Adolf Richard Fleischmann

Adolf Richard Fleischmann (18 March 1892 - 28 January 1968) was a German abstract painter. His late work evolved into constructivism; he is considered a precursor of Op Art.

Fleischmann was born in Esslingen am Neckar, the third child of businessman, Wilhelm Adolf Fleischmann, and his wife Paulina Maria (born 18 March 1892 in Esslingen).

After graduation he studied from 1908 at the Kunstgewerbeschule in Stuttgart, and in 1911 moved to the Royal Academy of Arts, where he studied with Adolf Hoelzel and Robert Poetzelberger.

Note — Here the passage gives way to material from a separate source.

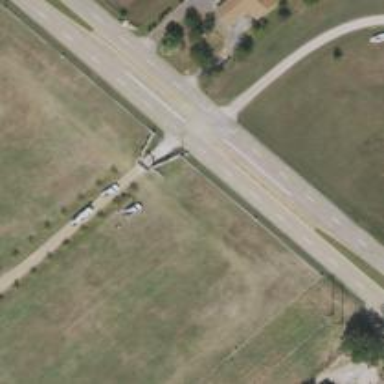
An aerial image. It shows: Secondary link road.

After a brief spell as a staff illustrator and painter in the Municipal Office of Health Care Exhibition, Stuttgart, and at the workshop on graphic art under Paul Hahn Fleischmann, in 1914 he was drafted into military service. The following year he was on the Eastern Front and so badly wounded, that he was discharged from military service.

Temporarily, he designed book covers for Deutsche Verlags-Anstalt, and the JB Metzler's Verlagsbuchhandlung, both in Stuttgart.

Through the intercession of his half-sister Louise Lotte Volger, who was employed as Moulageuse at the Cantonal Hospital of Zurich, in 1917 he received a job there. Fleischmann worked until July 1928 (with interruptions) as a scientific illustrator in Zurich. Many of the products manufactured by him in plaster casts are preserved and on display at the University Hospital of Zurich.

In 1921, Fleischmann participated in the exhibition of the New Munich Secession. Here he was particularly inspired by Franz Marc and other Expressionists. As a result, he drew expressionist paintings.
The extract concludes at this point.